Expert moviegoers are cultivated to obey the first rule of film law - to always empathize and root for the hero of a film. Arbitrage is a loophole to this amendment; it provides the cruelest protagonist in recent years - a fiend so tyrannical he would shut down an orphanage if it yielded a profit.
Arbitrage tells the tragedy of Robert Miller (Richard Gere, The Double), a Wall Street shark who could have apprenticed beneath Gordon Gekko. Miller frauds anyone he has to, including Brooke (Brit Marling, Sound of My Voice), his daughter and chief financial officer of the corporation. Gere supplies one of his soundest performances, manifesting Miller as an aging tycoon who personally plummets himself into the depths of moral destruction.
The film opens on a light note. It's Miller's 60th birthday; he's depicted as a family man partnered with his daughter in the business. Writer-director Nicholas Jarecki (The Weight) never frees Miller from a life of self-desolation.
Miller cheats on his lifelong wife, Ellen (Susan Sarandon, Robot & Frank) with a young artist, Julie (Laetitia Casta, War of the Buttons). Ellen knows of the affair, but forlornly accepts it as a part of the rich-marriage package.
Just when the plot seems revealed, another curveball is thrown. Miller takes Julie for a late night drive, only to get into an accident from falling asleep at the wheel and in turn killing Julie. Miller isn't worried about a homicide charge; rather, the last thing he wants is bad media coverage. He escapes the wreckage with a bleeding head and cracked ribs, gets picked up by his friend Jimmy (Nate Parker, Red Tails) and thinks all business is settled.
It isn't. A loud-mouthed, yet wholehearted Detective Bryer (Time Roth, Lie to Me) catches Miller's scent quickly. Now his fate is rested upon Jimmy's shoulders and whether or not Bryer can convince him to testify against Miller.
Here is where most films mechanically supply needless action in an attempt to spice up the conflict, but not Arbitrage.
Instead, it courageously travels down the traditional path of dialogue warfare, as the characters struggle to fight for their personal beliefs.
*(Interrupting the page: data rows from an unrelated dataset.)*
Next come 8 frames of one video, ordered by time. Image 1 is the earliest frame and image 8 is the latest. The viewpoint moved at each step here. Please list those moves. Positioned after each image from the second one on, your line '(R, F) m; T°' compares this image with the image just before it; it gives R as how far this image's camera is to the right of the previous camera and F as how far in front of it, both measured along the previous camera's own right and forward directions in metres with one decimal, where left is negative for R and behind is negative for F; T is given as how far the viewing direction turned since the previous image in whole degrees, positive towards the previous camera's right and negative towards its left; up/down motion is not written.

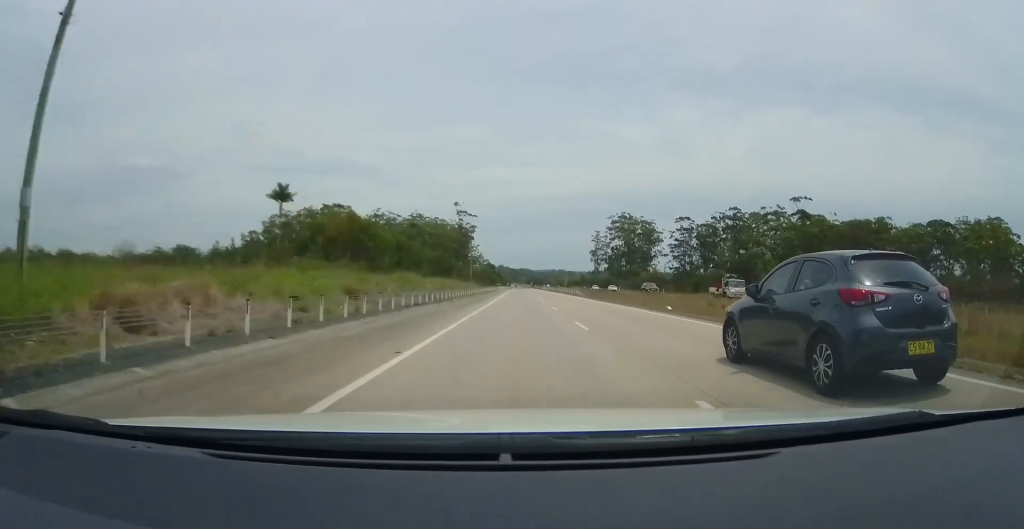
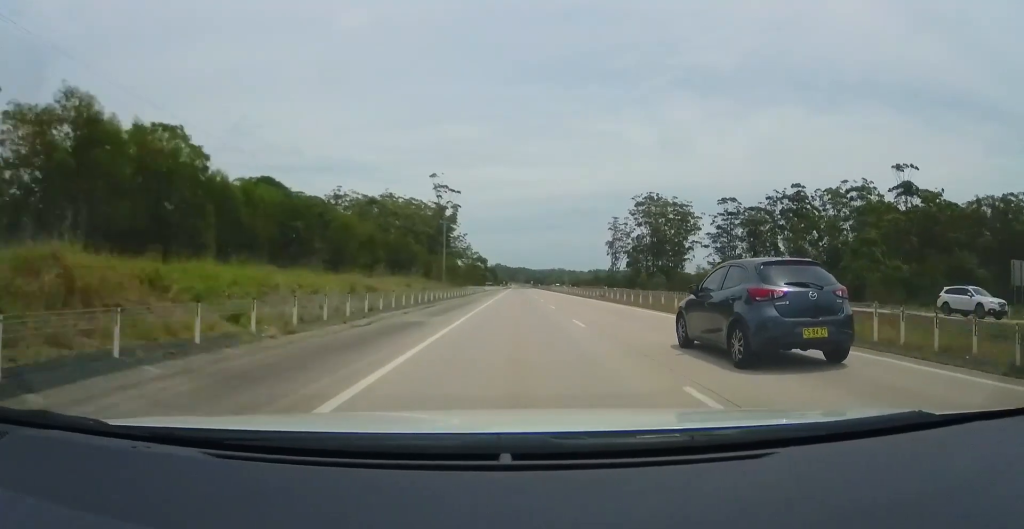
(-0.2, +58.5) m; +1°
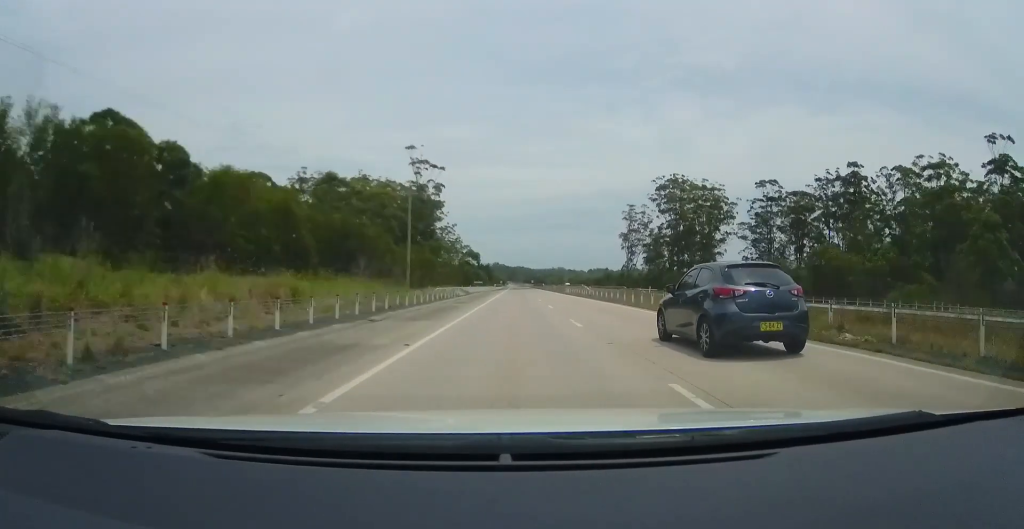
(+0.3, +35.3) m; 0°
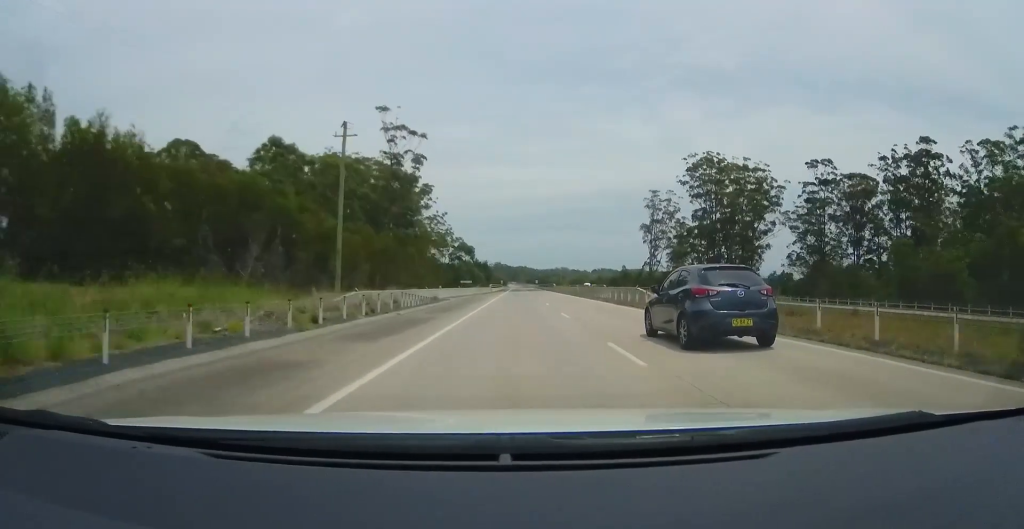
(-0.1, +31.6) m; -1°
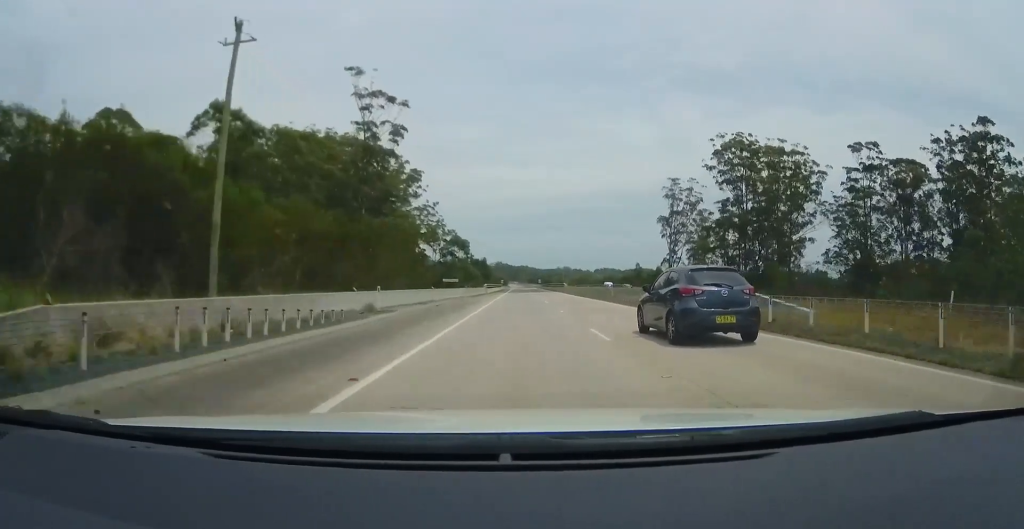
(-0.2, +20.7) m; -1°
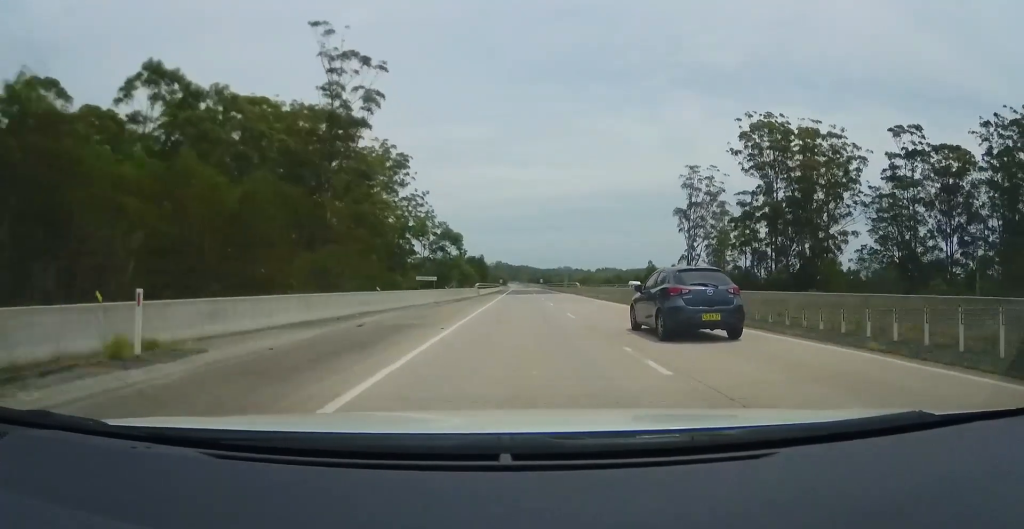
(-0.2, +15.8) m; 0°
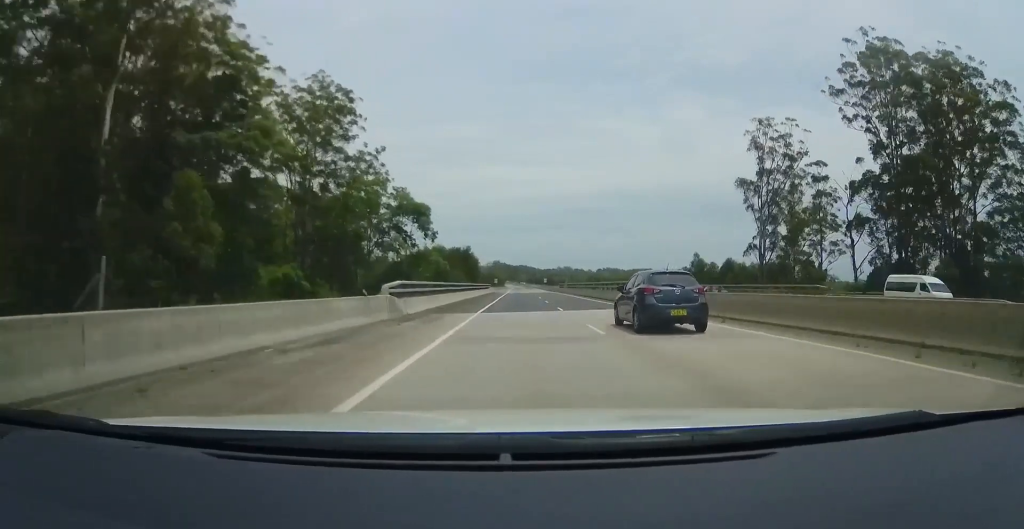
(+0.5, +41.3) m; +1°
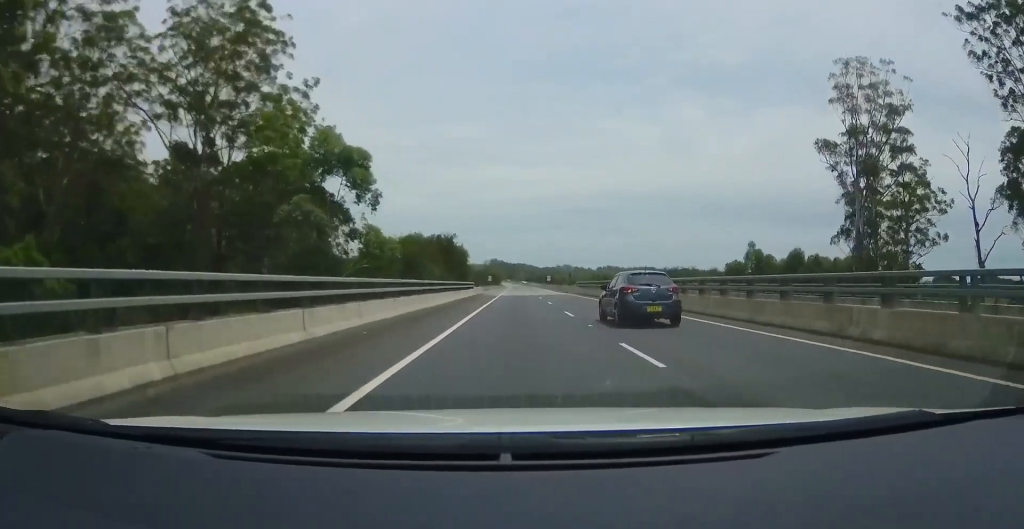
(0.0, +30.2) m; 0°

Miller wants his empire to pass its audit and then transfer power down to Brooke. Detective Bryer wants justice suitably dished out to the upper class for once. And Jimmy is glued in the center, only wishing to move south with his girl and run an Applebee's.
There's no scuffing it - Gere was perfectly cast here. It's been reported he replaced Al Pacino during pre-production, which first appears as a downgrade. But Gere's natural physique is uncannily convincing as a corrupt billionaire. His slicked-back grey hair has rested in the same place for decades, and his darkened, squinted eyes always appear to be concealing secrets.
Roth also plays his best role of recent memory, somehow disguising his hometown London accent and transforming into the restless detective from Brooklyn. But above all, Roth is able to play a down-to-Earth cop who wants to convict Miller for ethical obligations, not simply because the plot tells him to do so.
Arbitrage is a real chin-bruiser - a brilliant thriller that will have people covering their mouths in stunned bewilderment. Jarecki filled his casting slates with docile actors who play believable characters and also wrote them smart dialogue that fiercely carries the film's weight. It's a treat to finally find a movie that capably mixes suspense and excitement and does so without aimless shootouts or noisy chase scenes. Arbitrage subtly mocks the action-thriller genre by allowing its words to speak louder than guns or car chases ever could.